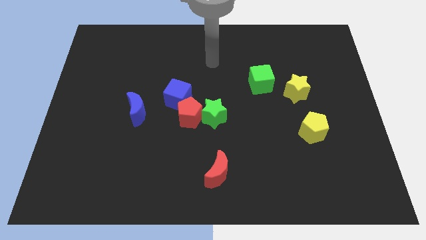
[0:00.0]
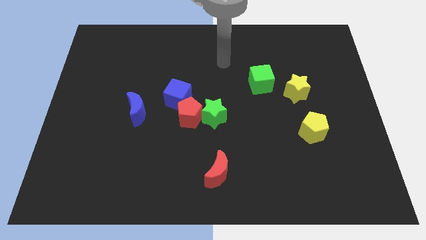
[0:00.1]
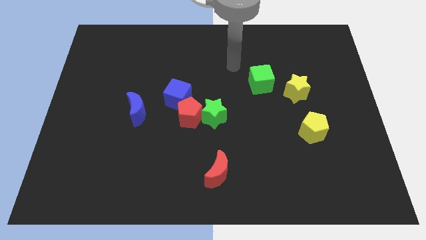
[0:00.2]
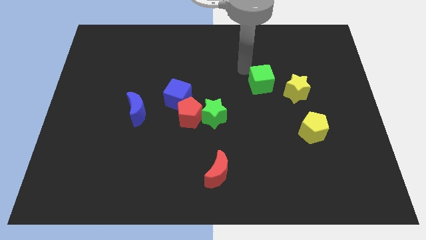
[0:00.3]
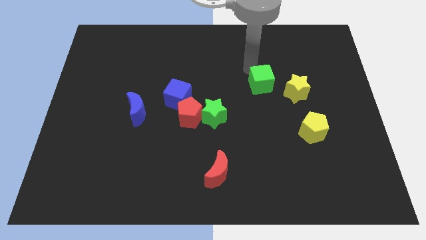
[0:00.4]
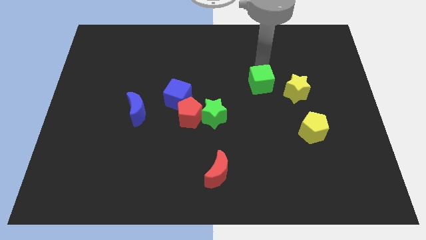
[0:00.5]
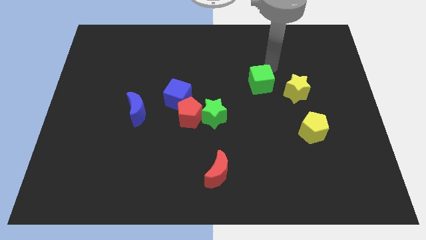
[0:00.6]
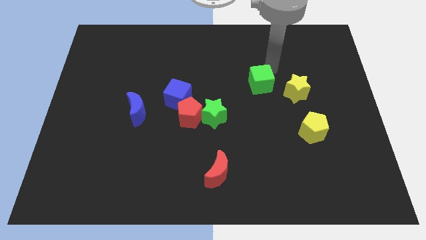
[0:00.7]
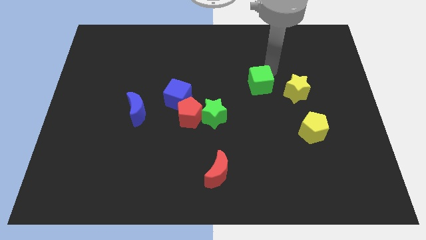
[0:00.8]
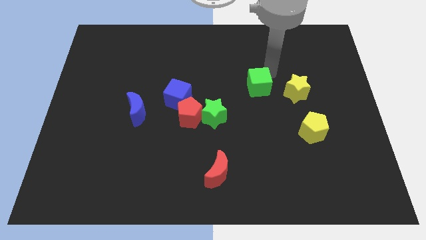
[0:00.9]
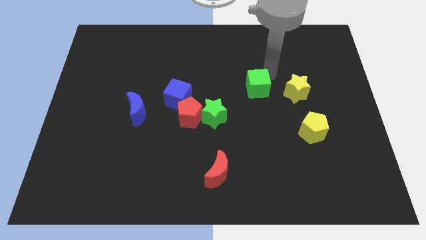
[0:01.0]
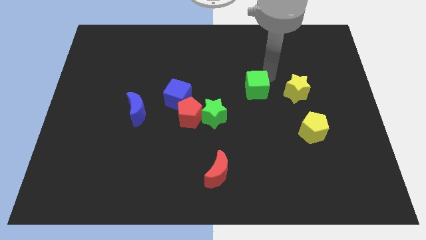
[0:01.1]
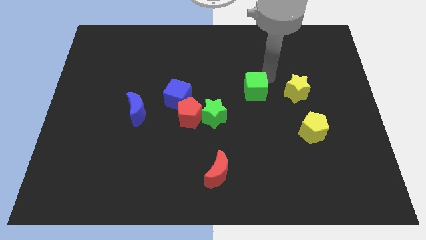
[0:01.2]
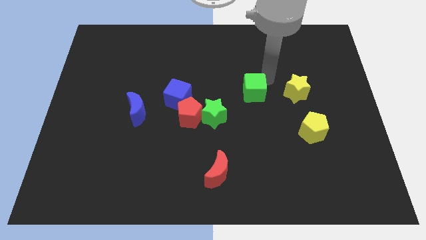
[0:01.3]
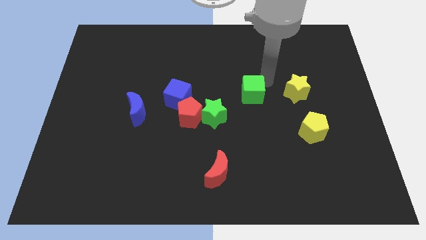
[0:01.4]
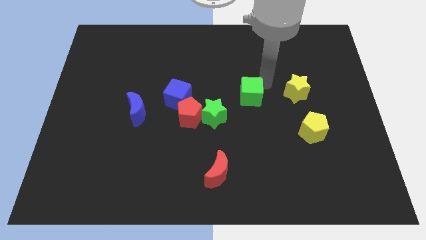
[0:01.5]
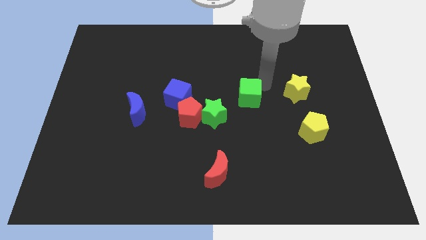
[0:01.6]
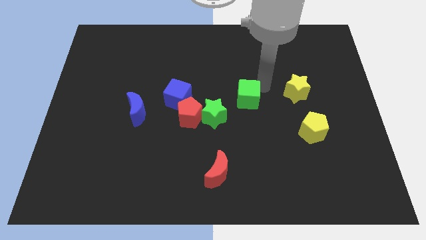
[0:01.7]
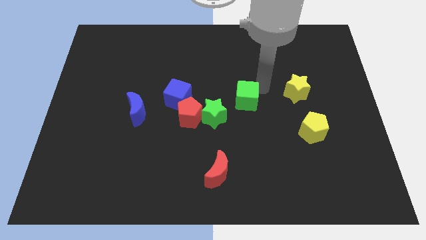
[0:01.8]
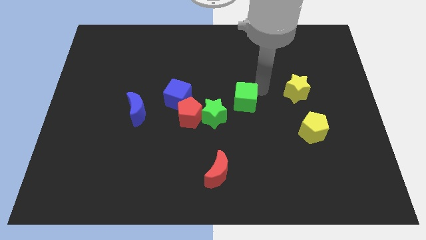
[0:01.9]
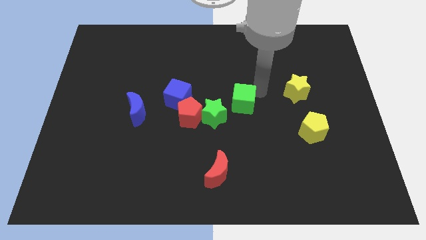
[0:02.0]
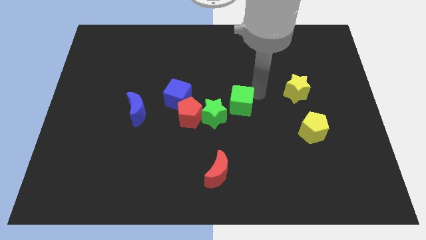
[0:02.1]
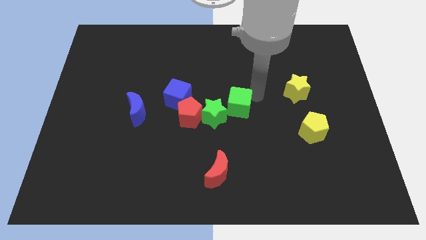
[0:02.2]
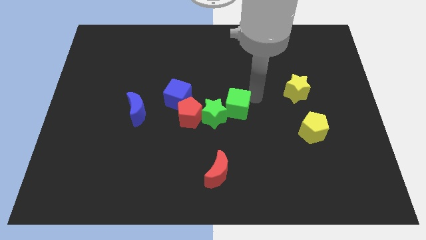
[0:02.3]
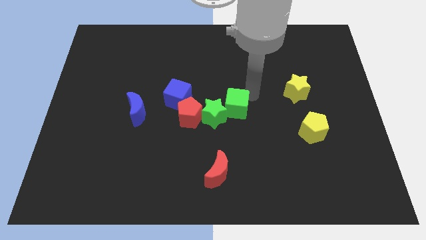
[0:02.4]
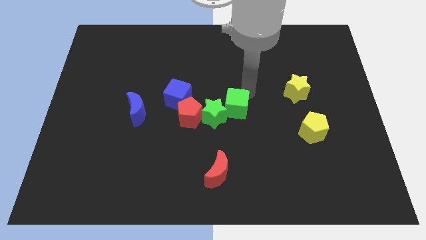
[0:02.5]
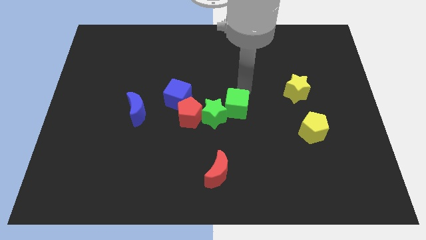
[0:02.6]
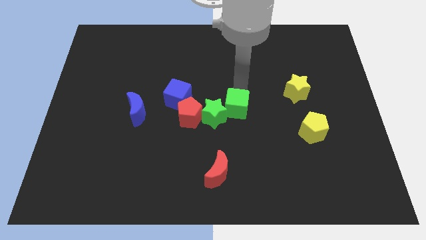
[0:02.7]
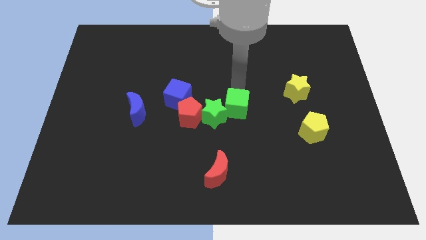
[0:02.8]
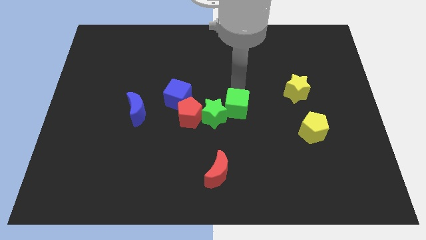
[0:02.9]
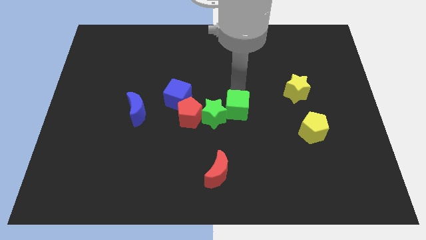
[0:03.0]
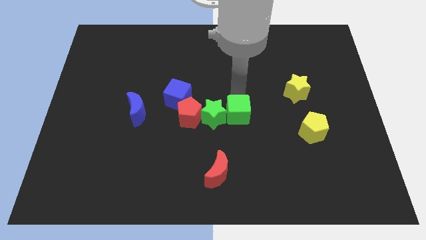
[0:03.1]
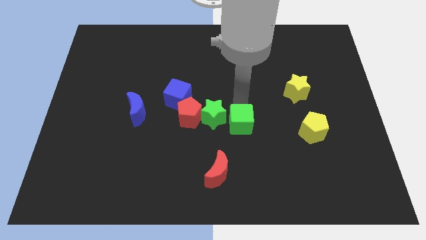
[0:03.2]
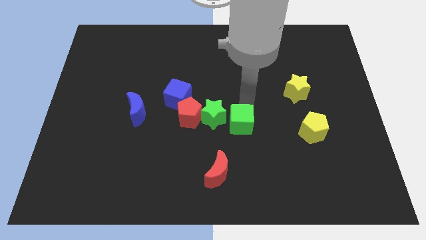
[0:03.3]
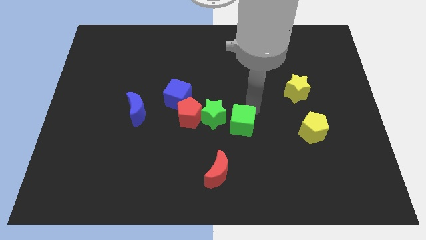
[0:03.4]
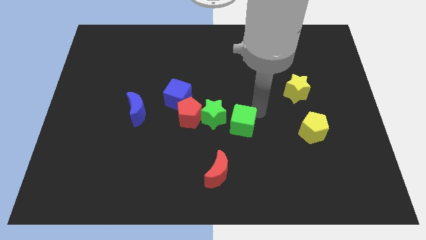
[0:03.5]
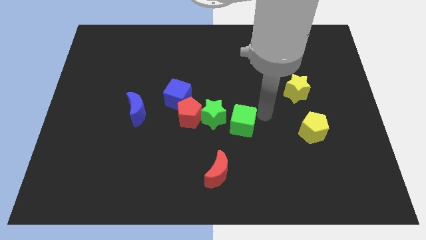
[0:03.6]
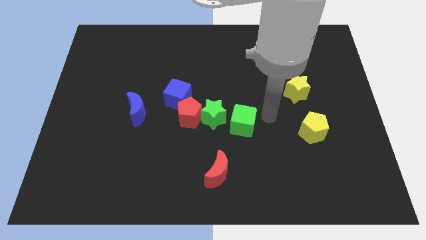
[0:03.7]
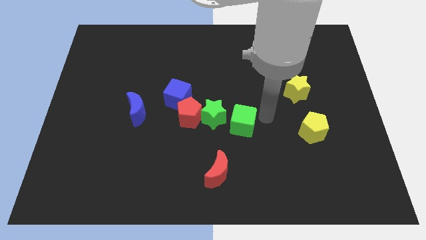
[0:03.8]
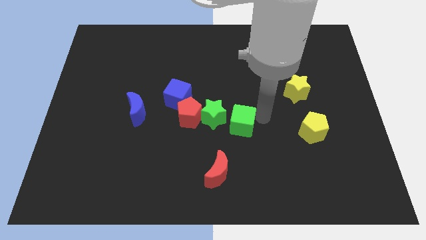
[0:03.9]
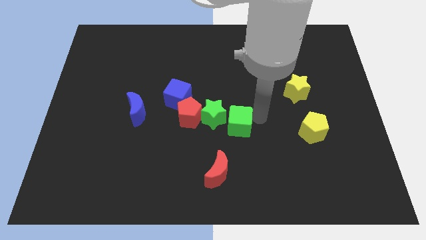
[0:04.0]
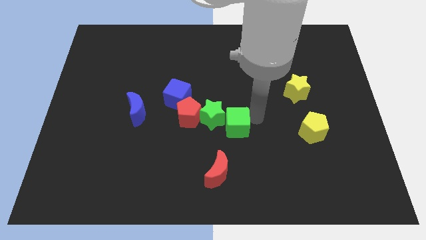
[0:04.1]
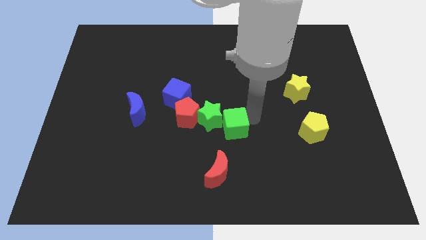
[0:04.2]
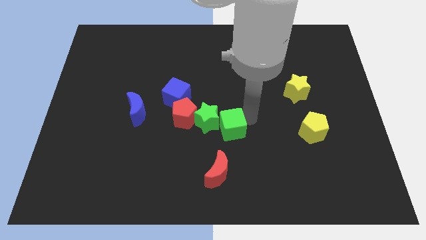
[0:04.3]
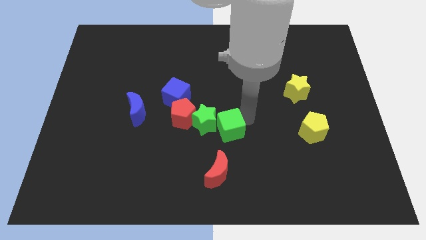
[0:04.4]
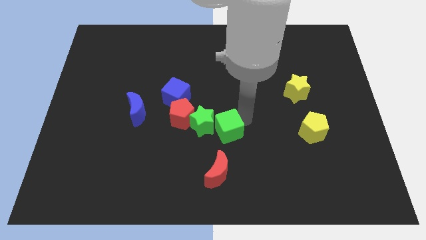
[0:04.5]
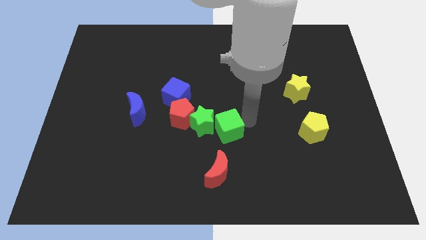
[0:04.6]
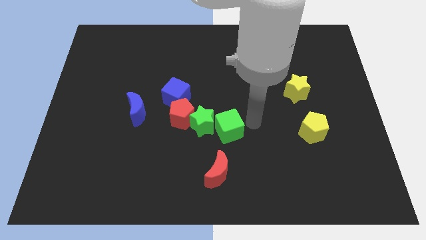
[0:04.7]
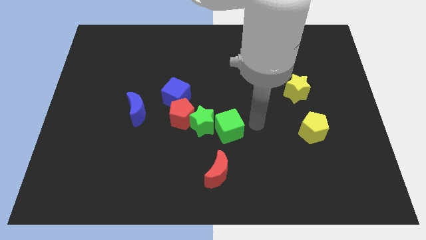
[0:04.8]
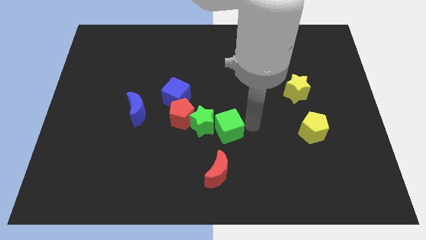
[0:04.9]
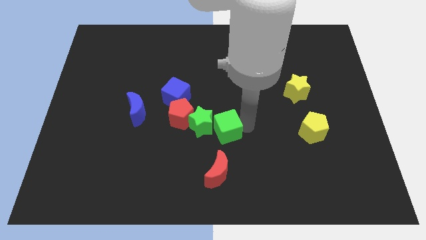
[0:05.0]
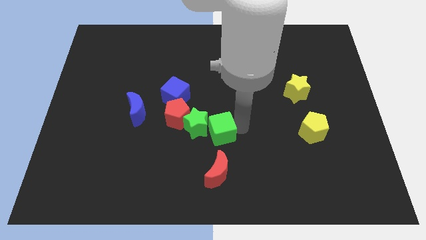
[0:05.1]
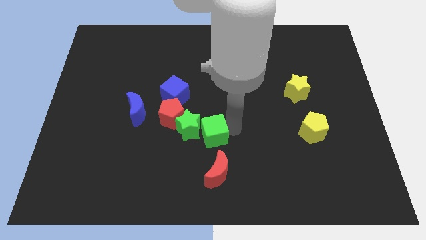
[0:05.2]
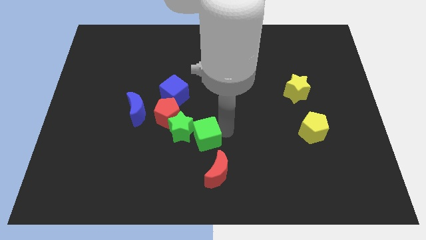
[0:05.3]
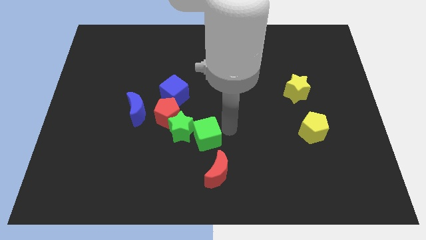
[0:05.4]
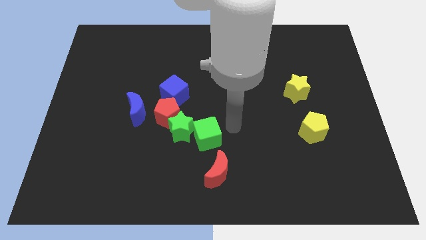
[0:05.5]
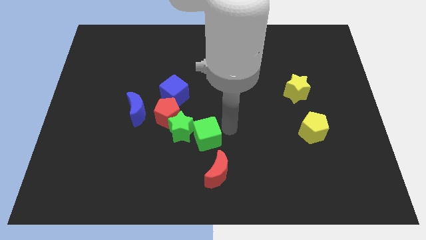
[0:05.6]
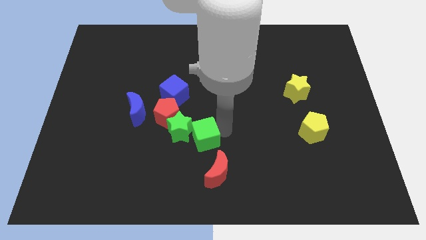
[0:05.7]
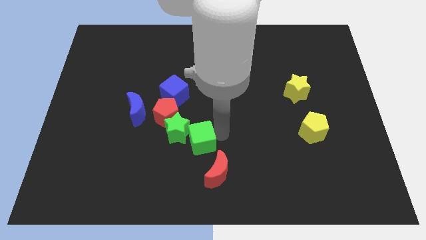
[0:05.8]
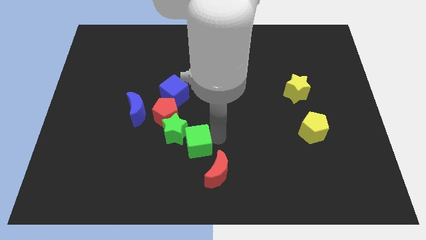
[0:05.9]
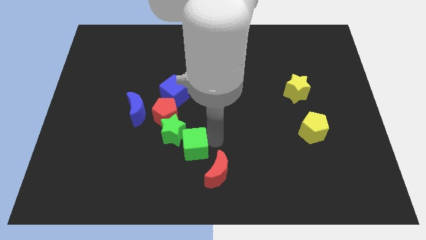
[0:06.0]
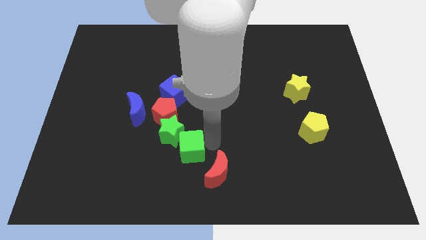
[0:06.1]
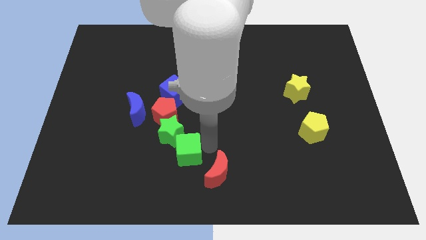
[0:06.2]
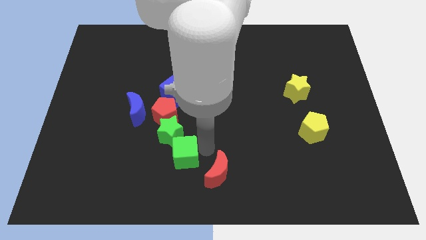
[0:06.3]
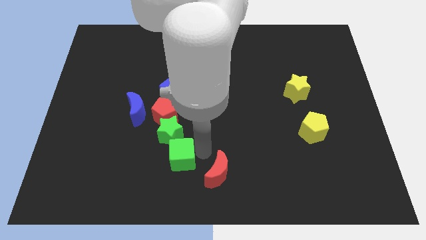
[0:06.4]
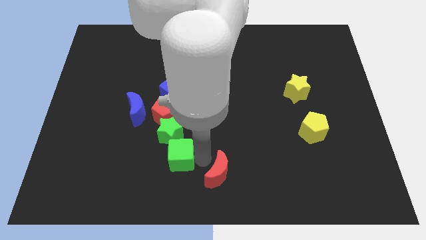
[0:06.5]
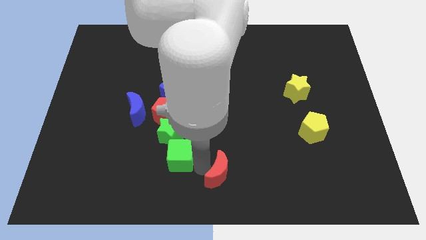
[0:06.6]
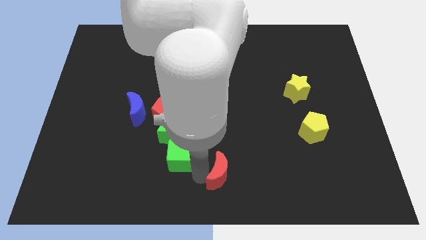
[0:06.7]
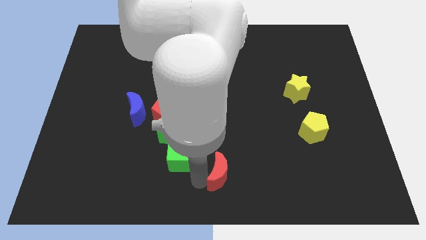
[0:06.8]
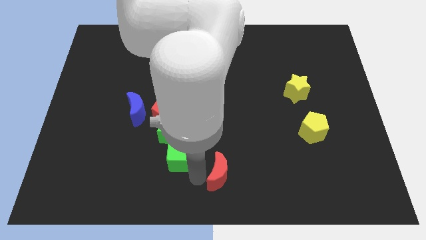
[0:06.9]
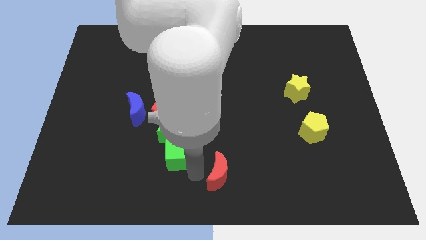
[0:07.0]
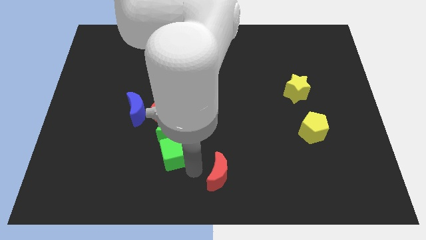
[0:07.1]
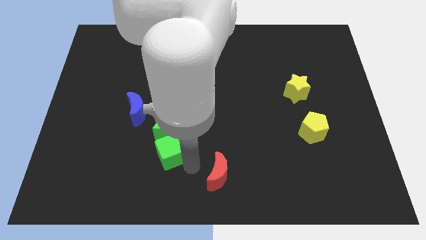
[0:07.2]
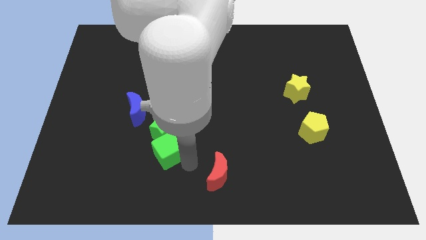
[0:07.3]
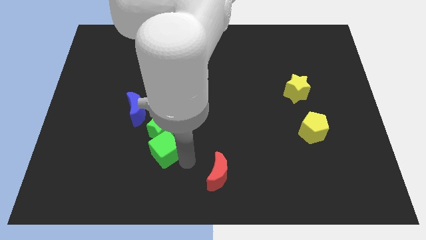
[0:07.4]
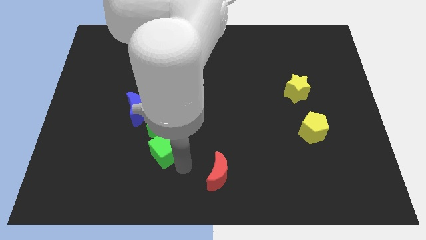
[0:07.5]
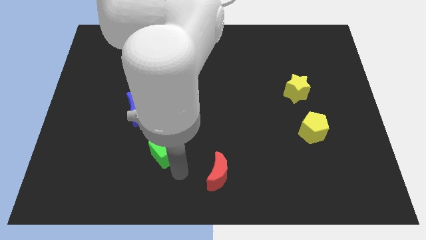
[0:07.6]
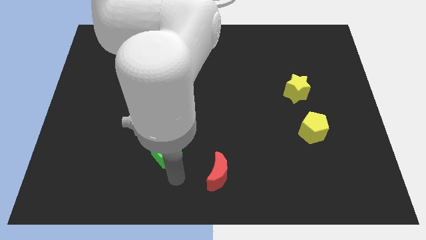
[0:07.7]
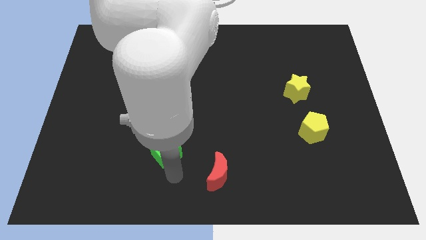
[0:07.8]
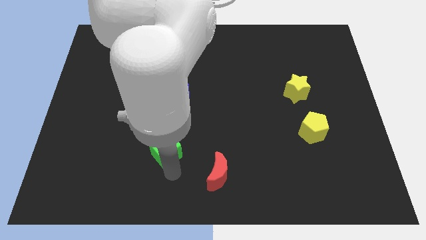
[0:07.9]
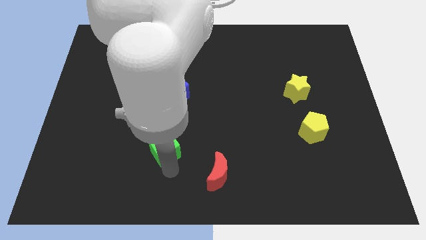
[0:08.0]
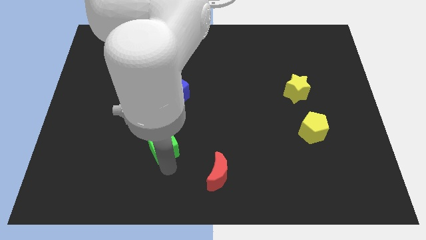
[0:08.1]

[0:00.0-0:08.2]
push the green cube diagonally down and to the right of the blue moon

● **WORK ORDER**: The data must come back word for word, with every picture removed.

● **EXERCISE SOLUTION**:
[0:00.0]
[0:00.1]
[0:00.2]
[0:00.3]
[0:00.4]
[0:00.5]
[0:00.6]
[0:00.7]
[0:00.8]
[0:00.9]
[0:01.0]
[0:01.1]
[0:01.2]
[0:01.3]
[0:01.4]
[0:01.5]
[0:01.6]
[0:01.7]
[0:01.8]
[0:01.9]
[0:02.0]
[0:02.1]
[0:02.2]
[0:02.3]
[0:02.4]
[0:02.5]
[0:02.6]
[0:02.7]
[0:02.8]
[0:02.9]
[0:03.0]
[0:03.1]
[0:03.2]
[0:03.3]
[0:03.4]
[0:03.5]
[0:03.6]
[0:03.7]
[0:03.8]
[0:03.9]
[0:04.0]
[0:04.1]
[0:04.2]
[0:04.3]
[0:04.4]
[0:04.5]
[0:04.6]
[0:04.7]
[0:04.8]
[0:04.9]
[0:05.0]
[0:05.1]
[0:05.2]
[0:05.3]
[0:05.4]
[0:05.5]
[0:05.6]
[0:05.7]
[0:05.8]
[0:05.9]
[0:06.0]
[0:06.1]
[0:06.2]
[0:06.3]
[0:06.4]
[0:06.5]
[0:06.6]
[0:06.7]
[0:06.8]
[0:06.9]
[0:07.0]
[0:07.1]
[0:07.2]
[0:07.3]
[0:07.4]
[0:07.5]
[0:07.6]
[0:07.7]
[0:07.8]
[0:07.9]
[0:08.0]
[0:08.1]

[0:00.0-0:08.2]
push the green cube diagonally down and to the right of the blue moon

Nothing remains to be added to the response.